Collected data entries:

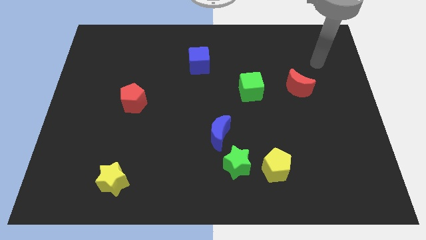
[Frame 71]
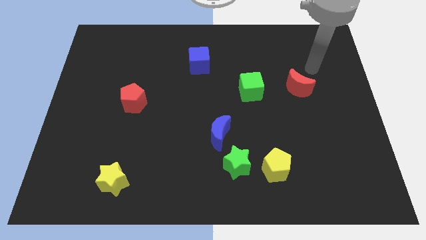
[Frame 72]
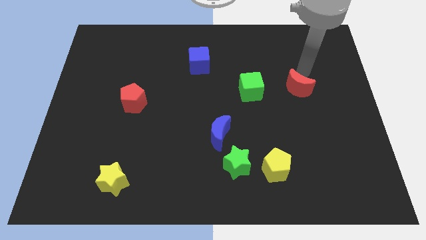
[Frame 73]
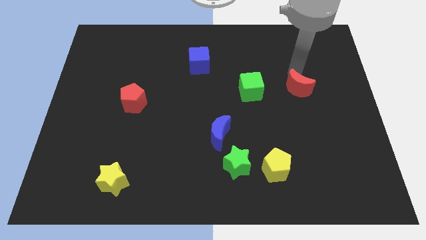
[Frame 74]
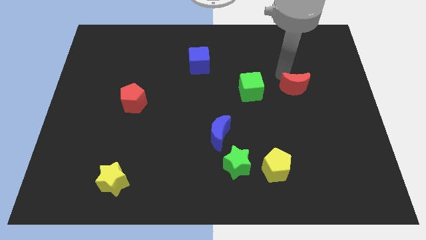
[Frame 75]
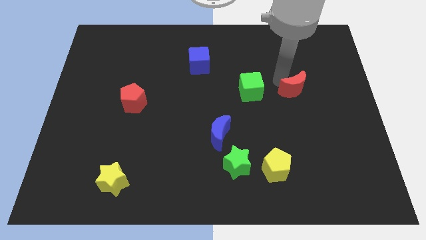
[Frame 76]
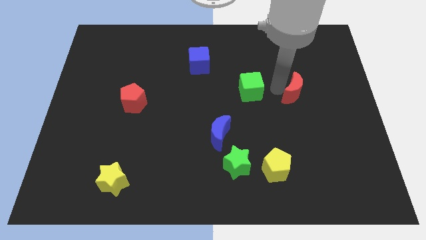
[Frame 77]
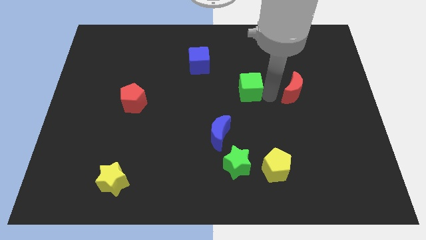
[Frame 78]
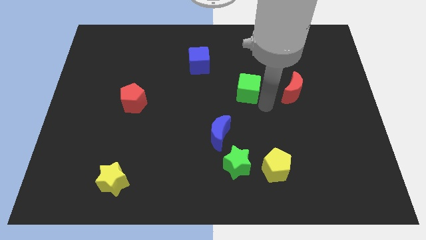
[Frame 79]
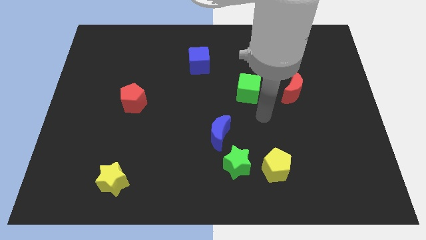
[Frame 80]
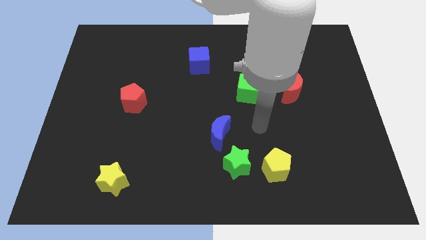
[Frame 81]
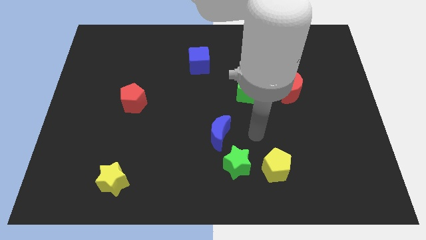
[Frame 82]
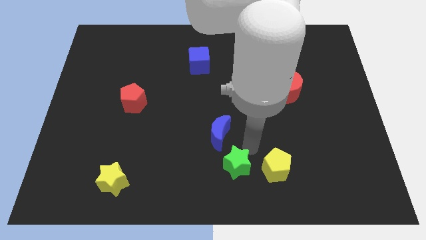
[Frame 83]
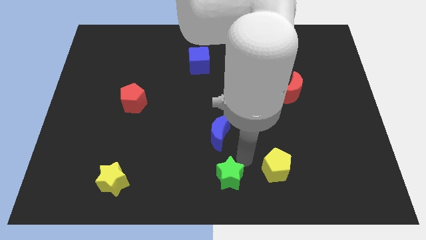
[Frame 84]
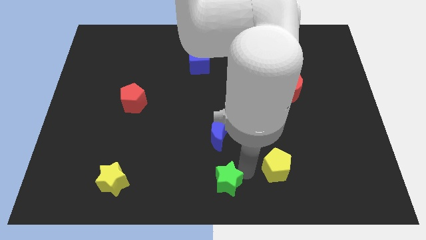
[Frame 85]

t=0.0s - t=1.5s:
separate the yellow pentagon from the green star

- _YOUR ASSIGNMENT_: Down to the last line, set down the data above exactly, and omit all images.

- _ANSWER TO THIS TASK_:
[Frame 71]
[Frame 72]
[Frame 73]
[Frame 74]
[Frame 75]
[Frame 76]
[Frame 77]
[Frame 78]
[Frame 79]
[Frame 80]
[Frame 81]
[Frame 82]
[Frame 83]
[Frame 84]
[Frame 85]

t=0.0s - t=1.5s:
separate the yellow pentagon from the green star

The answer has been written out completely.